# [WHAT IS BEING ASKED]
With nothing added or left out, output the listing that follows.
::::::
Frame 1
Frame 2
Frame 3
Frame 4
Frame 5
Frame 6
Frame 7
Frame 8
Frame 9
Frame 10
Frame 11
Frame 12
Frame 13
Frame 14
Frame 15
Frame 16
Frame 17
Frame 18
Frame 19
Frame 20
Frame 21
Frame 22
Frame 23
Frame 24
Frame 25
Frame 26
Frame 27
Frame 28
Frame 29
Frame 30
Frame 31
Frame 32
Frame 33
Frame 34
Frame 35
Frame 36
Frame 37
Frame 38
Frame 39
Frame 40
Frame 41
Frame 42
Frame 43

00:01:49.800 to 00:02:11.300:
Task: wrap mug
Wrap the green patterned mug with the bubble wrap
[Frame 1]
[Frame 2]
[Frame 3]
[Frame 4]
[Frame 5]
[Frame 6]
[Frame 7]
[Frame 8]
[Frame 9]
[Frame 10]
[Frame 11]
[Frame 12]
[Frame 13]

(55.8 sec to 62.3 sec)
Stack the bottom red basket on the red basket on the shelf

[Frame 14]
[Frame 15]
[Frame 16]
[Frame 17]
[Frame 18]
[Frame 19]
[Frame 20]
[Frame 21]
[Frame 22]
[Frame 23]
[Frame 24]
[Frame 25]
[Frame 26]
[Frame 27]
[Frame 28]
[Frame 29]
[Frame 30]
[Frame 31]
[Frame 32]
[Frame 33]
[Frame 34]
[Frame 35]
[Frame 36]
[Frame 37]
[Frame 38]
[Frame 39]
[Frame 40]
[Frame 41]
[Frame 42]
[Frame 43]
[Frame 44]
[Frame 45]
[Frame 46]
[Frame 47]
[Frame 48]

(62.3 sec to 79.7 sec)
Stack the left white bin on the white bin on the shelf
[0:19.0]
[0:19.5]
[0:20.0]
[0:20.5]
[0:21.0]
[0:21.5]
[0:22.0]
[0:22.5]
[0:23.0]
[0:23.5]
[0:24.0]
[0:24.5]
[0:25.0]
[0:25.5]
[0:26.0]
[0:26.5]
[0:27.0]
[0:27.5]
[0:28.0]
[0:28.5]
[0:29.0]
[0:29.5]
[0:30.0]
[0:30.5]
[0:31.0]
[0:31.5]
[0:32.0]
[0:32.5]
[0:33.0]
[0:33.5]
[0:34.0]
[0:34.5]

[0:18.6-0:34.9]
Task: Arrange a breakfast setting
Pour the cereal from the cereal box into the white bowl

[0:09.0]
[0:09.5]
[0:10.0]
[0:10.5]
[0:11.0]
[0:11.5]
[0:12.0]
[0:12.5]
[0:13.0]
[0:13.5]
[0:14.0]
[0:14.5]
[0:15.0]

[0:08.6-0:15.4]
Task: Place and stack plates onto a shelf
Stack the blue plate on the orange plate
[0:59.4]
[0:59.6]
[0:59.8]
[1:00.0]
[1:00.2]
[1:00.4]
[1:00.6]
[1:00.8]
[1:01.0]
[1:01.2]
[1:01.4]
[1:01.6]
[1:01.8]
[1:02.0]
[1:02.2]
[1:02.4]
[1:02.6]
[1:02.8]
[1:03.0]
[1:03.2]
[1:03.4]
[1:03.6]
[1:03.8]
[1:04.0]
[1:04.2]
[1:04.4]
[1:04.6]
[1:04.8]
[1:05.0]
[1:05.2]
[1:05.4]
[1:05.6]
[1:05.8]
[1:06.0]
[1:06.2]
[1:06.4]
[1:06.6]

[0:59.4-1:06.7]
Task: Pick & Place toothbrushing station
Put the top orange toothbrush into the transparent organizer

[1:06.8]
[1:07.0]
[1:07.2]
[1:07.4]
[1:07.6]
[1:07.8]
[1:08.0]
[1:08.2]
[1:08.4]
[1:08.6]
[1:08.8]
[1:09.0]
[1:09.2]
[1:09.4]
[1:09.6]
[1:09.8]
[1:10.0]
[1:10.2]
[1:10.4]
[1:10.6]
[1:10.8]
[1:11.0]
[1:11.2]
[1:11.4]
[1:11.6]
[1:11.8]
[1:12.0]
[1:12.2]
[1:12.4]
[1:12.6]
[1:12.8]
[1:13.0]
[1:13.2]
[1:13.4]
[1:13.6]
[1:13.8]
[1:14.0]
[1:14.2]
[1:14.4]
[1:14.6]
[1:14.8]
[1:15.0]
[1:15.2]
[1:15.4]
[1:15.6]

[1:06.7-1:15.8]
::::::
# [RESULT]
Frame 1
Frame 2
Frame 3
Frame 4
Frame 5
Frame 6
Frame 7
Frame 8
Frame 9
Frame 10
Frame 11
Frame 12
Frame 13
Frame 14
Frame 15
Frame 16
Frame 17
Frame 18
Frame 19
Frame 20
Frame 21
Frame 22
Frame 23
Frame 24
Frame 25
Frame 26
Frame 27
Frame 28
Frame 29
Frame 30
Frame 31
Frame 32
Frame 33
Frame 34
Frame 35
Frame 36
Frame 37
Frame 38
Frame 39
Frame 40
Frame 41
Frame 42
Frame 43

00:01:49.800 to 00:02:11.300:
Task: wrap mug
Wrap the green patterned mug with the bubble wrap
[Frame 1]
[Frame 2]
[Frame 3]
[Frame 4]
[Frame 5]
[Frame 6]
[Frame 7]
[Frame 8]
[Frame 9]
[Frame 10]
[Frame 11]
[Frame 12]
[Frame 13]

(55.8 sec to 62.3 sec)
Stack the bottom red basket on the red basket on the shelf

[Frame 14]
[Frame 15]
[Frame 16]
[Frame 17]
[Frame 18]
[Frame 19]
[Frame 20]
[Frame 21]
[Frame 22]
[Frame 23]
[Frame 24]
[Frame 25]
[Frame 26]
[Frame 27]
[Frame 28]
[Frame 29]
[Frame 30]
[Frame 31]
[Frame 32]
[Frame 33]
[Frame 34]
[Frame 35]
[Frame 36]
[Frame 37]
[Frame 38]
[Frame 39]
[Frame 40]
[Frame 41]
[Frame 42]
[Frame 43]
[Frame 44]
[Frame 45]
[Frame 46]
[Frame 47]
[Frame 48]

(62.3 sec to 79.7 sec)
Stack the left white bin on the white bin on the shelf
[0:19.0]
[0:19.5]
[0:20.0]
[0:20.5]
[0:21.0]
[0:21.5]
[0:22.0]
[0:22.5]
[0:23.0]
[0:23.5]
[0:24.0]
[0:24.5]
[0:25.0]
[0:25.5]
[0:26.0]
[0:26.5]
[0:27.0]
[0:27.5]
[0:28.0]
[0:28.5]
[0:29.0]
[0:29.5]
[0:30.0]
[0:30.5]
[0:31.0]
[0:31.5]
[0:32.0]
[0:32.5]
[0:33.0]
[0:33.5]
[0:34.0]
[0:34.5]

[0:18.6-0:34.9]
Task: Arrange a breakfast setting
Pour the cereal from the cereal box into the white bowl

[0:09.0]
[0:09.5]
[0:10.0]
[0:10.5]
[0:11.0]
[0:11.5]
[0:12.0]
[0:12.5]
[0:13.0]
[0:13.5]
[0:14.0]
[0:14.5]
[0:15.0]

[0:08.6-0:15.4]
Task: Place and stack plates onto a shelf
Stack the blue plate on the orange plate
[0:59.4]
[0:59.6]
[0:59.8]
[1:00.0]
[1:00.2]
[1:00.4]
[1:00.6]
[1:00.8]
[1:01.0]
[1:01.2]
[1:01.4]
[1:01.6]
[1:01.8]
[1:02.0]
[1:02.2]
[1:02.4]
[1:02.6]
[1:02.8]
[1:03.0]
[1:03.2]
[1:03.4]
[1:03.6]
[1:03.8]
[1:04.0]
[1:04.2]
[1:04.4]
[1:04.6]
[1:04.8]
[1:05.0]
[1:05.2]
[1:05.4]
[1:05.6]
[1:05.8]
[1:06.0]
[1:06.2]
[1:06.4]
[1:06.6]

[0:59.4-1:06.7]
Task: Pick & Place toothbrushing station
Put the top orange toothbrush into the transparent organizer

[1:06.8]
[1:07.0]
[1:07.2]
[1:07.4]
[1:07.6]
[1:07.8]
[1:08.0]
[1:08.2]
[1:08.4]
[1:08.6]
[1:08.8]
[1:09.0]
[1:09.2]
[1:09.4]
[1:09.6]
[1:09.8]
[1:10.0]
[1:10.2]
[1:10.4]
[1:10.6]
[1:10.8]
[1:11.0]
[1:11.2]
[1:11.4]
[1:11.6]
[1:11.8]
[1:12.0]
[1:12.2]
[1:12.4]
[1:12.6]
[1:12.8]
[1:13.0]
[1:13.2]
[1:13.4]
[1:13.6]
[1:13.8]
[1:14.0]
[1:14.2]
[1:14.4]
[1:14.6]
[1:14.8]
[1:15.0]
[1:15.2]
[1:15.4]
[1:15.6]

[1:06.7-1:15.8]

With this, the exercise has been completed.